The credit requirements in place for renters are significantly looser compared to what is required to buy a home. Most experienced landlords require prospective renters to provide/undergo a credit report check which takes a look at the individual’s credit score and history. Most of the time, as long as a credit report does not demonstrate a history of bankruptcies, judgements, or significant debts, qualifying for a home to rent (within your income range) should be pretty straightforward. For owners, on the other hand, the credit requirements for obtaining a mortgage are much more strict - which makes sense in that there is a lot more risk on the line on behalf of the lender. In most cases, credit scores ranking below 680 or 700 are considered subprime, and can disqualify prospective owners on the spot (there are some exceptions however). Some lenders offer services, whereby they can work with you over a few months, or longer, to strategically improve your credit, thus allowing you to qualify for a home, or qualify for lower interest rates.
6 CREATIVE FREEDOM
There is something that I always communicate to some first time home buyers, and other clients that I work with that comment on a particular style or feature of a home that they do not like. There is a clear difference between renting and buying, which is, when you rent a home or an apartment, it is not yours, and therefore you have to return it in the same way that it was delivered to you. This is not the case when you buy a home, actually quite the opposite. Depending on your level of creativity, and determination, the ability to design a space may significantly impact your decision to lease or buy.
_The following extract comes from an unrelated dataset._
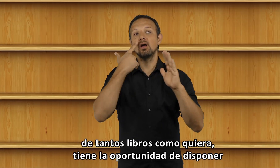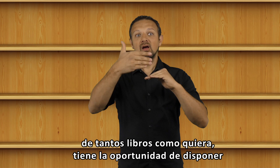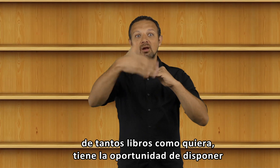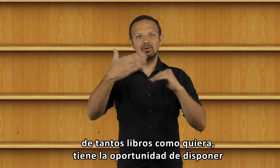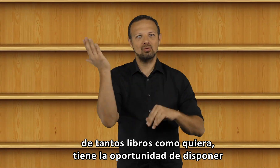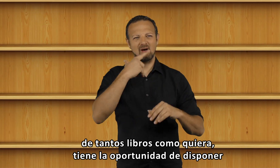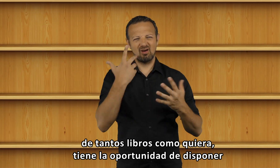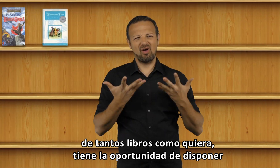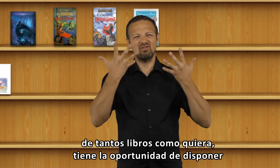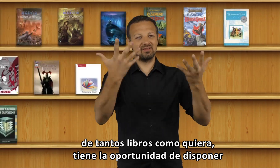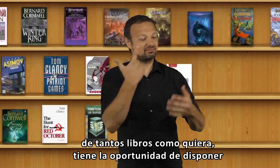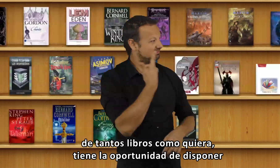esta, sin límites.
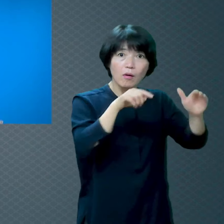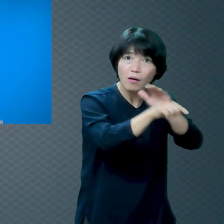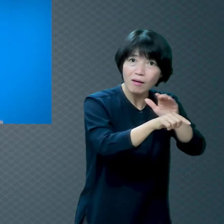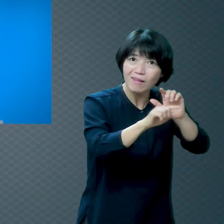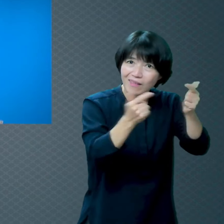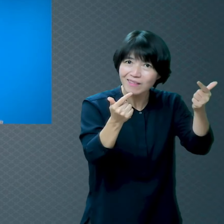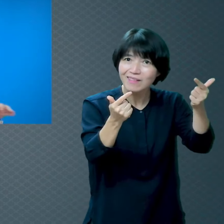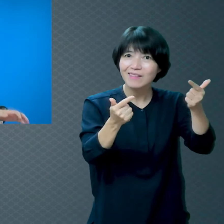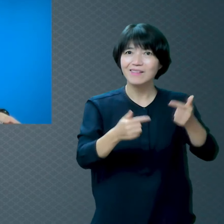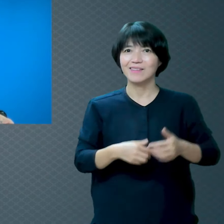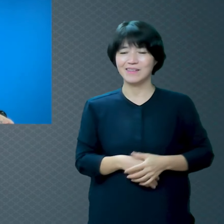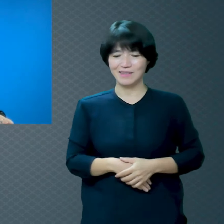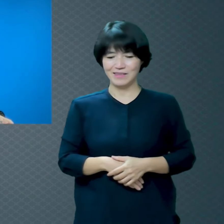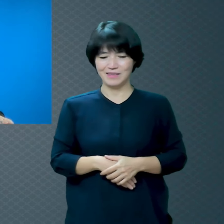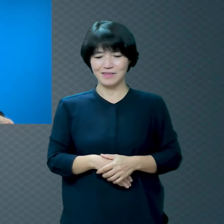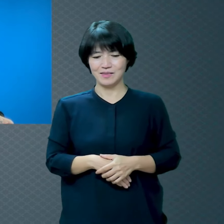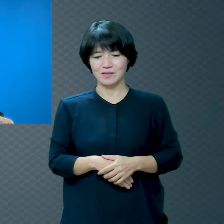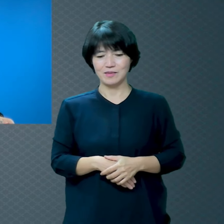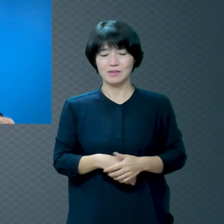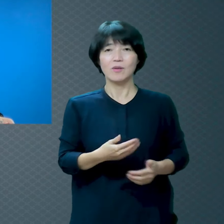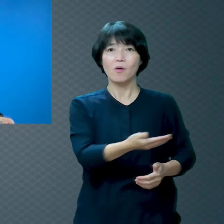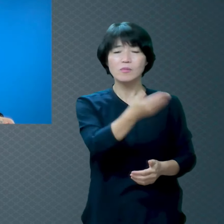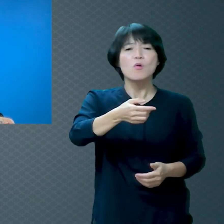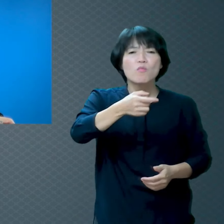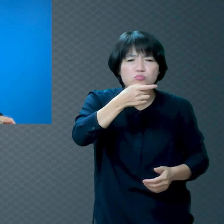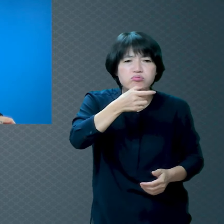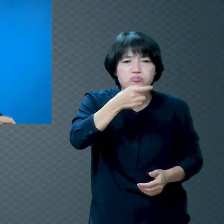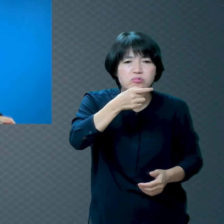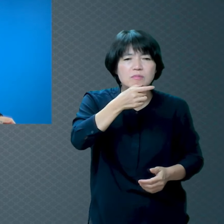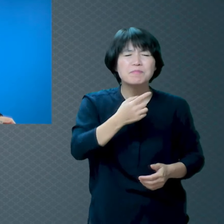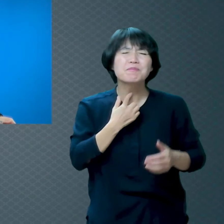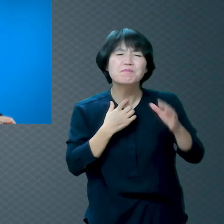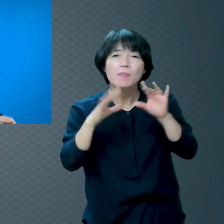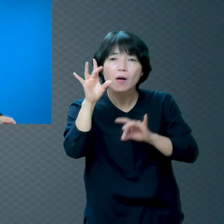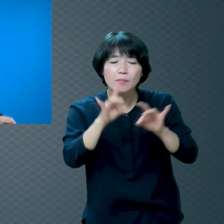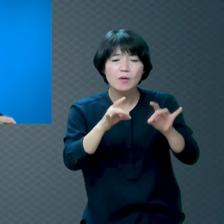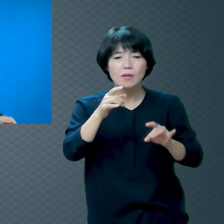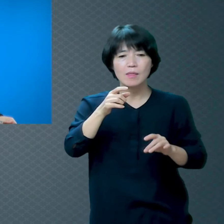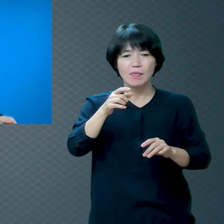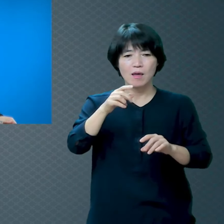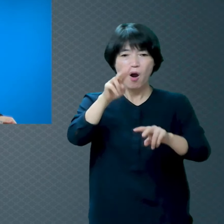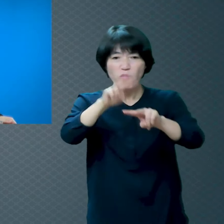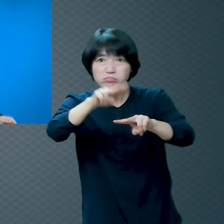우리 옛말에 우물에 가서 숭룡 찾는다 이런 얘기는 어렵겠다

Because renters are hindered by pretty strict allowances, in terms of what is and what is not allowed when it comes to modifying, decorating and designing their spaces, home owners definitely have the upper hand here in terms of more creative freedom. Whether you’re looking to make minor changes such as swapping carpet for hardwood, or painting a bathroom, or major changes, like adding a story, knocking down a wall, or digging a pool, an owners options are nearly limitless within the confines of the law.
7 TAX BENEFITS
Tax benefits are a serious perk that many often overlook when deciding between renting and buying a home in Los Angeles. Tax benefits are even more significant, in the more historic areas of Los Angeles. Only homeowners, not renters, are able to qualify for these reaping tax benefits. It should be noted however, that simply owning a home does not automatically qualify you for tax benefits - In order to get a complete sense of how and what you can qualify for, we recommend that you consult a financial expert. The benefits can easily add up to tens or hundreds of thousands of dollars in savings, or more!